President Donald Trump, during a dialogue with Stuart Varney of Fox Business Network, spoke about vaccines against the CCP Virus and promised that he would not make vaccinations mandatory.

Mentioning the issue of CCP Virus vaccines, President Trump said people should not be forced to get them. And he assured that during his term of office he will not do so. “People are very convinced about the issue and feel very strong,” the president said.

During the 45-minute interview, a number of issues were discussed, and President Trump was repeatedly pleased with how his administration had handled the CCP Virus pandemic, given the difficult situation. 

He also took advantage of the situation to raise his complaint about the treatment he received from most of the media when he contracted the virus. Above all, he emphasized that many people echoed a false story that he would only have immunity for four months. 

“I have immunity now, I hear from anywhere from four months to a lifetime.” Trump told Varney. “Sort of interesting as soon as I beat it they said no, he’s only immune for four months.”
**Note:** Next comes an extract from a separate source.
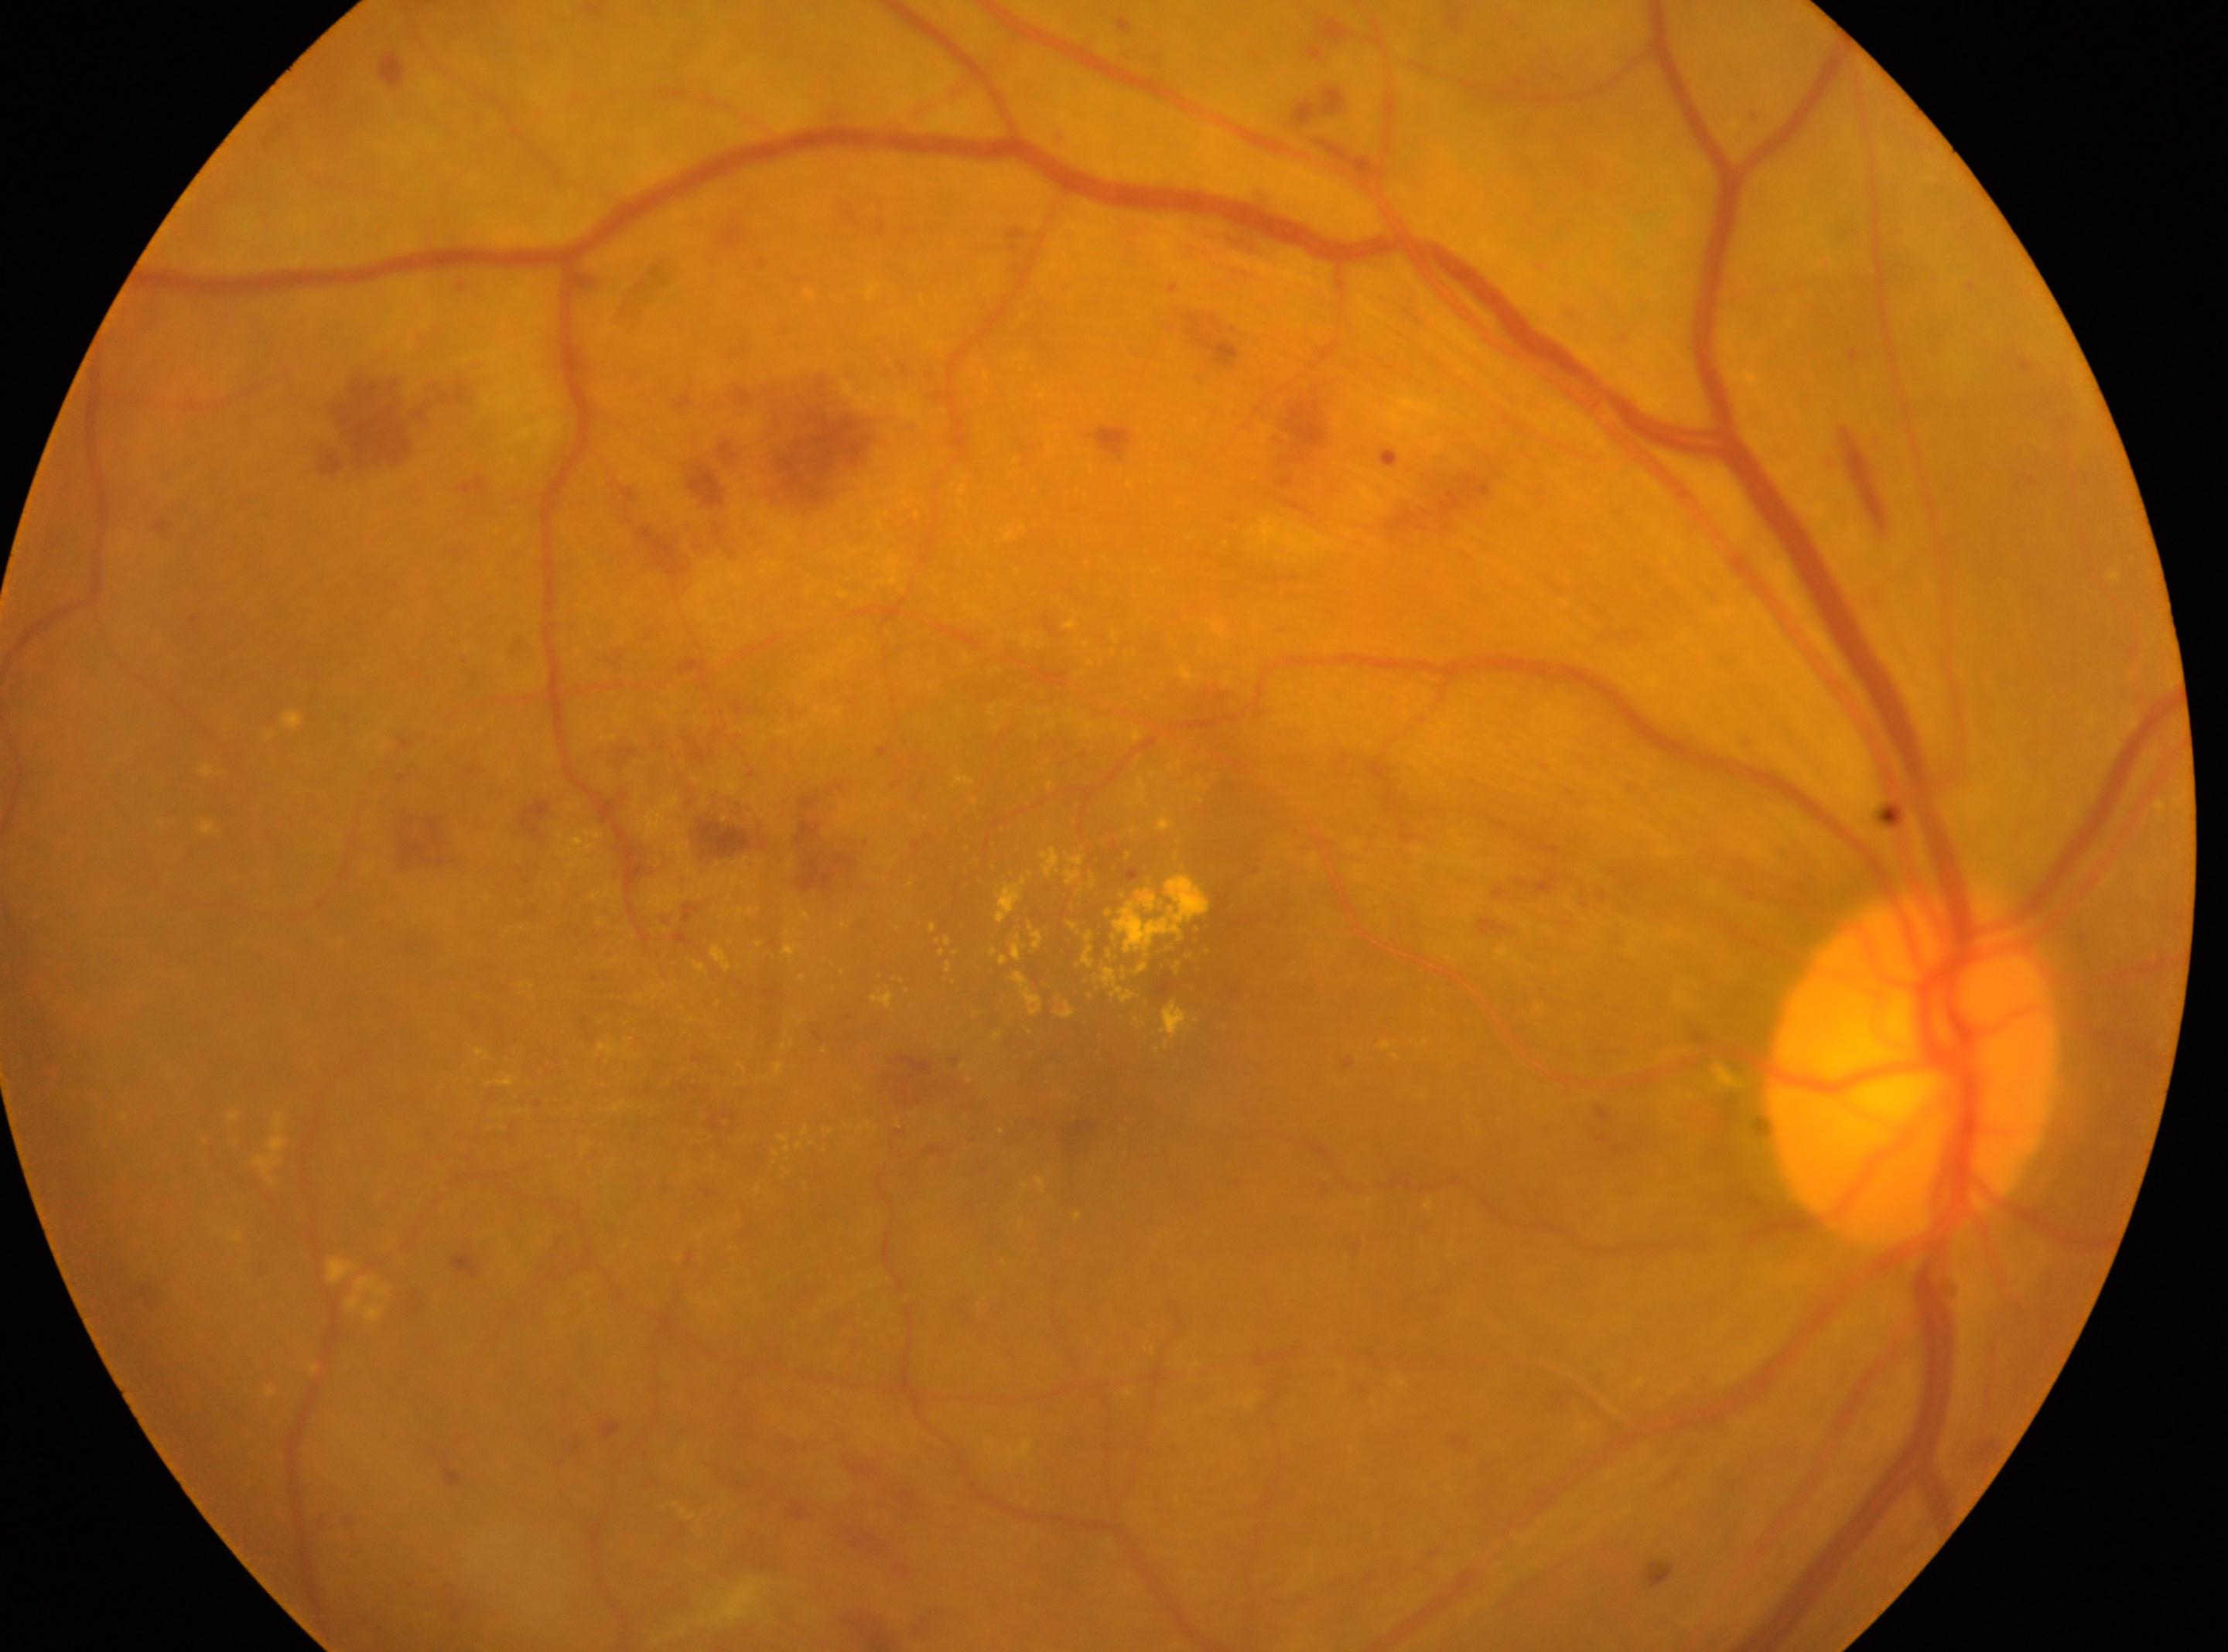

Fovea: (1080,1066).
Diabetic retinopathy (DR): severe NPDR (grade 3) — more than 20 intraretinal hemorrhages in each of 4 quadrants, definite venous beading in 2 or more quadrants, or prominent intraretinal microvascular abnormalities in 1 or more quadrants, with no signs of proliferative retinopathy.
Optic nerve head located at (1909,1067).
Eye: the right eye.

According to the Daily Mail, President Trump showed his displeasure about it also in Johnstown, Pennsylvania, on Tuesday night, Oct. 13. “Once I get it, they give you four months.” Trump said. “Anybody else but me, you’re immune for life.”
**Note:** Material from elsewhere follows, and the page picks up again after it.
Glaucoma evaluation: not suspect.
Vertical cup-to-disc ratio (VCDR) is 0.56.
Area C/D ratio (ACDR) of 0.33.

Some isolated cases, such as the recent one in Nevada, where a man was reportedly infected for a second time, or the case of an elderly woman in the Netherlands who died after contracting the CCP virus for a second time, have called into question the assumption of immunity that comes with contracting the virus as it was always believed.
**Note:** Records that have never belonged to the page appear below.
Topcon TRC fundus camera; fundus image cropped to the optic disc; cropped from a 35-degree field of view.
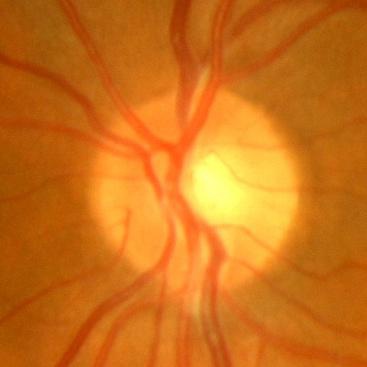 Optic disc appearance consistent with no signs of glaucoma.
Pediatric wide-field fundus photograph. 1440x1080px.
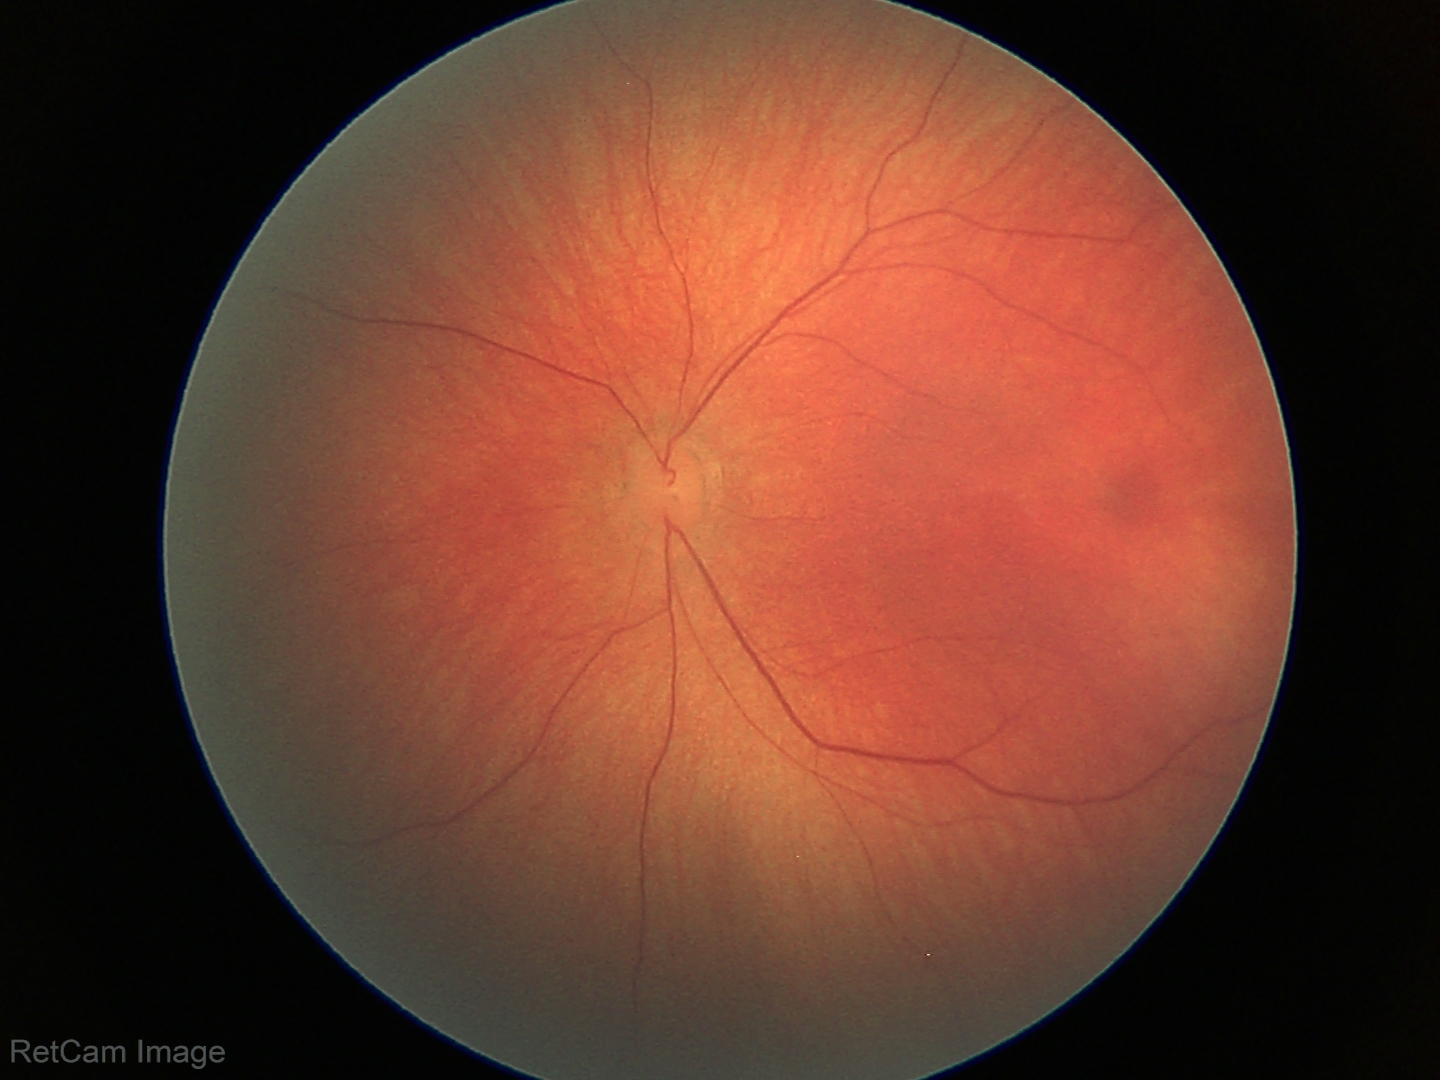
Screening diagnosis: normal fundus examination.

The truth is that while there may be some cases that prove the opposite, the reality is that they are too insignificant to draw any hasty conclusions that indicate that the theory of immunity is not real. There are so few cases of people who have contracted the virus a second time that one might also think they were misdiagnosed. 

After his remarks about immunity, Varney asked the president if he was being tested daily, to which Trump responded, “I’m tested—not every day, but I’m tested a lot. Especially ‘after I got rid of it.’”

President Trump once again showed his determination that, while one must be cautious and aware of the virus, one must not fear it and must face it with strength. 

In a clear sign of criticism of his opponent Joe Biden who gave virtually no public speeches during his election campaign, he said, “Having gone through it, I’m the president of this country. I can’t sit in a basement and not see anybody for a year, I just can’t do that. I beat it and I beat it quickly.”